Однажды он пришел домой с работы и впервые с детства послушал целиком запись Can I play with madness. Что было потом, вы уже знаете. Или нет?
Потом он раскрыл дневник на сорок шестой странице и написал: "Пустыня растворялась у затуманенного горизонта"...
Городничий
Никогда не забуду того дня. Ко мне вернулась бутылка с листком, что прежде был белым, но каким-то образом впитал слова. Кто мог подумать, даже обкурившись опиатов, что чистый лист способен вобрать в себя пустыню?
Человек, пришедший ко мне, имел поистине благообразный вид: одет он был в шорты, сандалии с декоративными крылышками и футболку с надписью "Out of sight - out of mind!", приличествующую скорее безумному слепцу вроде Гомера. В левом ухе у него была огромная серьга с драгоценным камнем, а в глазах... серые были глаза. Без белков.
Он представился Городничим, отдал мне бутылку и сказал, взвешивая на руке листок: "Ваш крик о помощи достиг моих глаз. По чистой случайности, как вы, видимо, догадываетесь. Мне понятна ваша беда, и я готов помочь".

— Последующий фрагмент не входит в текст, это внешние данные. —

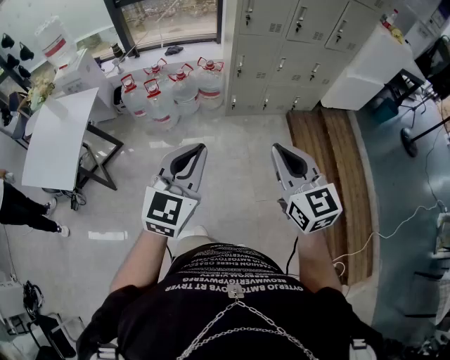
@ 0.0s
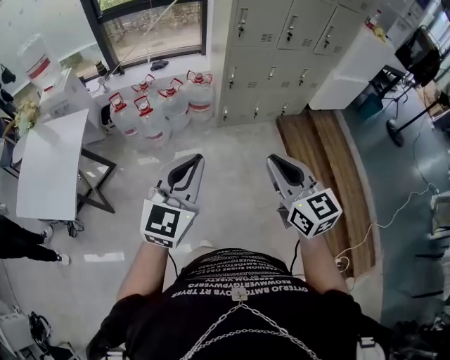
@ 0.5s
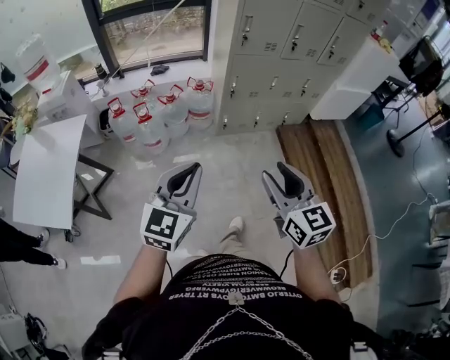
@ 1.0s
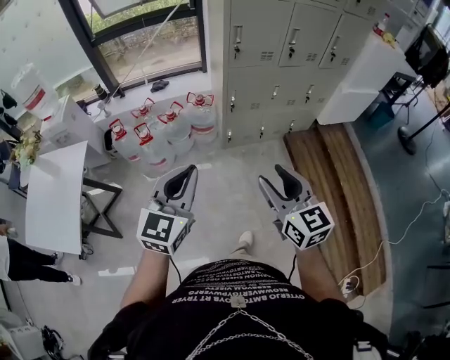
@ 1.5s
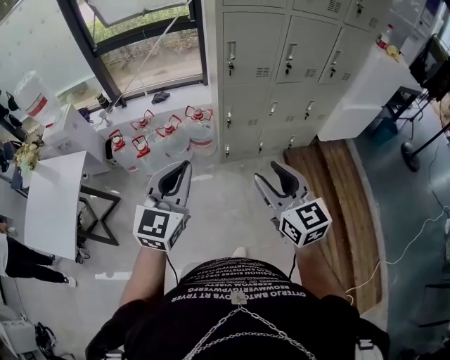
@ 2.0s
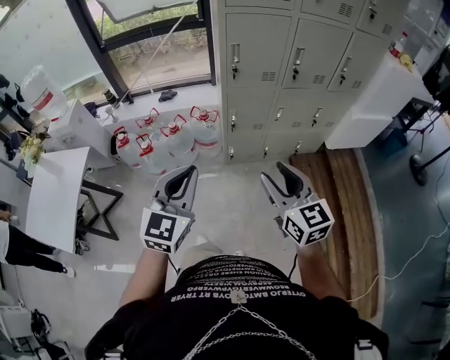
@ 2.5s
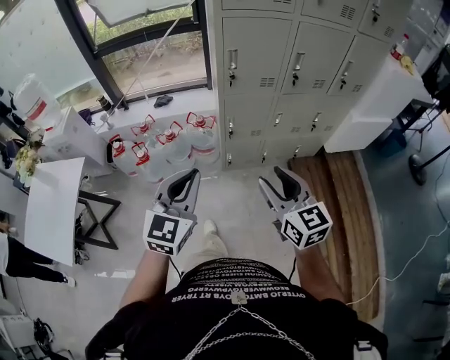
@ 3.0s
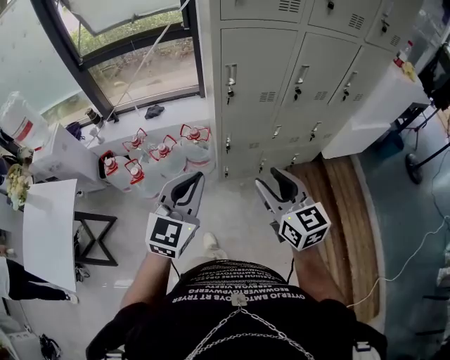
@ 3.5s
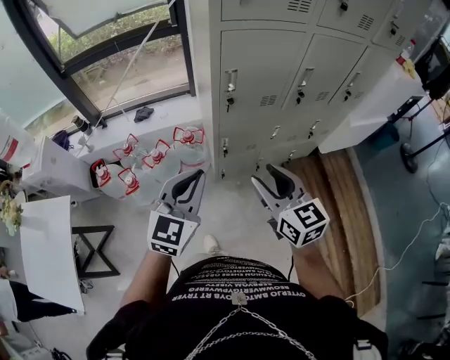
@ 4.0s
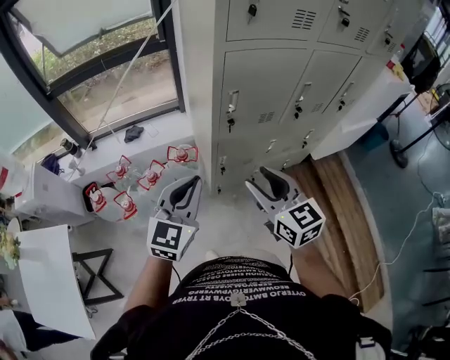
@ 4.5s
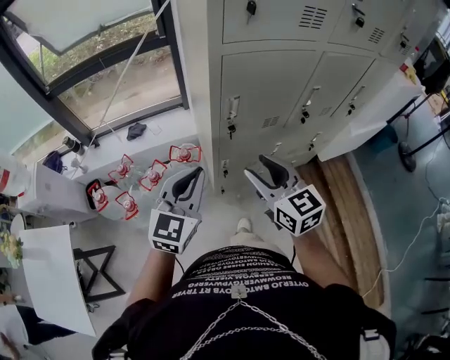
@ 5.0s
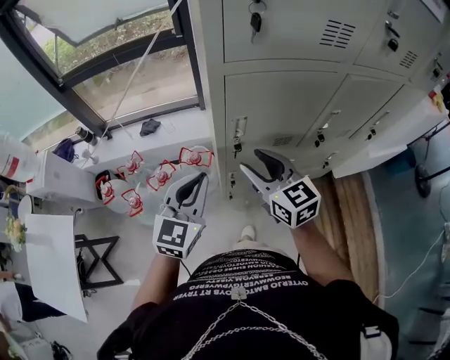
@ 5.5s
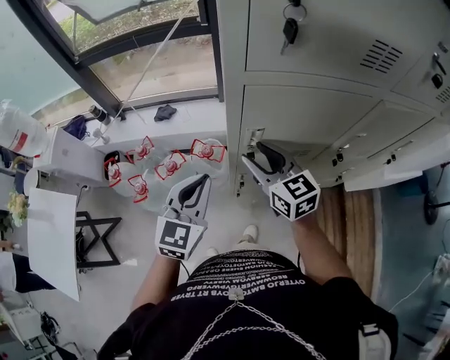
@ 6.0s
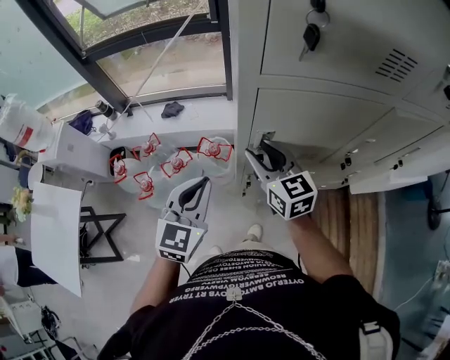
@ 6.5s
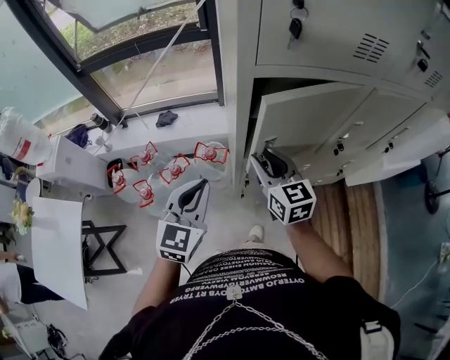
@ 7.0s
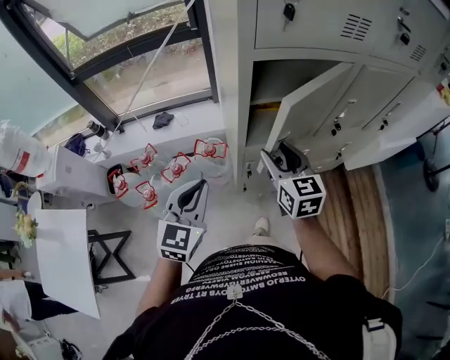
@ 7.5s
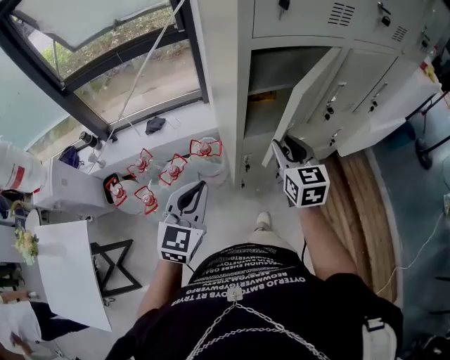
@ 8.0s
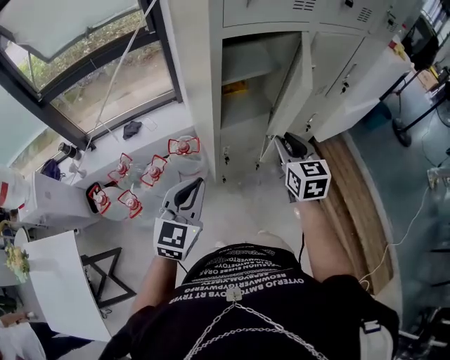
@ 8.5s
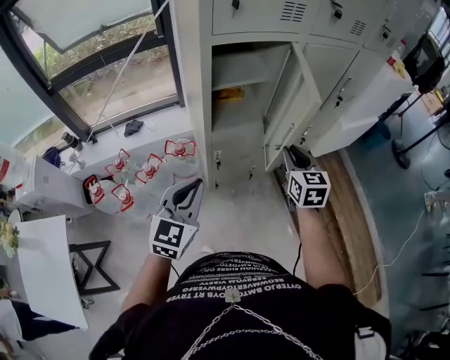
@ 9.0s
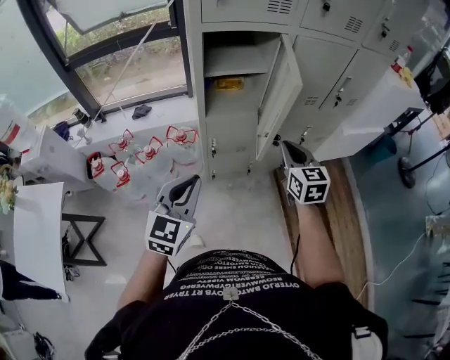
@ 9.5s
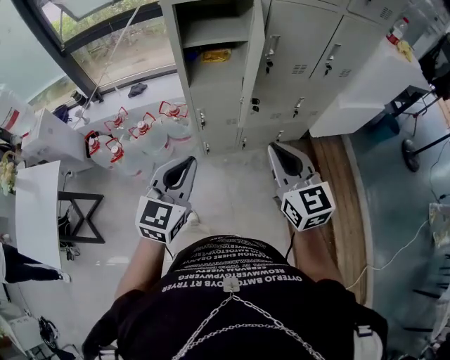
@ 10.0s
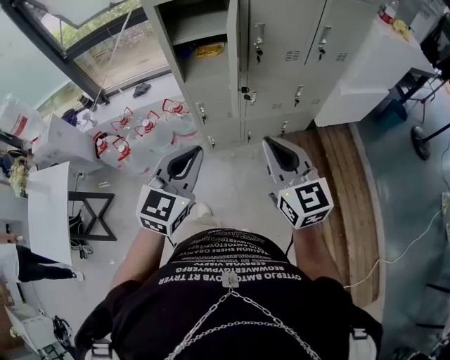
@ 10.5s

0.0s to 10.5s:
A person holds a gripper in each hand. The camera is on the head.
0.0s to 2.0s: The grippers both shift forward by some 25 cm. The right gripper opens up.
2.0s to 4.0s: Both grippers travel together forward, roughly 30 cm.
4.0s to 6.5s: Both grippers move forward, some 30 cm.
6.5s to 8.5s: The left gripper shifts by some 15 cm, and turns by roughly 20 degrees. The right gripper moves some 20 cm, and changes its angle by approximately 40 degrees.
8.5s to 10.5s: The right gripper heads backward and to the right, covering about 30 cm, changes its angle by roughly 30 degrees, and closes up, while the left gripper moves to the right and backward, some 35 cm.

Я взял у него бумагу и с удивлением прочел свое прошение о предоставлении мне идейно-политического убежища в Городе. Прошение, впрочем, состояло из всего двух слов и восклицательного знака.
"Такая помощь мне уже не требуется".
"Так я опоздал?" - несколько огорченный, Городничий отвесил мне поклон (о, что за зрелище - поклон человека в таком одеянии!) и удалился.
"Ты опоздал",- прошептал я вслед ему. - "Ты вещь, и я вижу твое лицо..."
Тогда же я дал себе слово, что стану вести дневник. И перевернув листок с двумя словами, узрел первую его страницу.
Я до сих пор не знаю, на что способны мои руки. Я хотел убить себя, потому что испытывал чувства, схожие с теми, что появились у героя рассказа "Дверь ", автора, которого вы предпочтете, если вы мне не друзья. Но понял, что не смогу...
В тот день, когда моя шутка обернулась визитом... в тот же день...
...На листке медленно проступила резолюция Городничего.
Туман
Ты вошел, тяжело ступая босыми ногами по кафельному полу, по разноцветным квадратам. С тебя стекала соленая океанская вода. Прямо на персидские ковры.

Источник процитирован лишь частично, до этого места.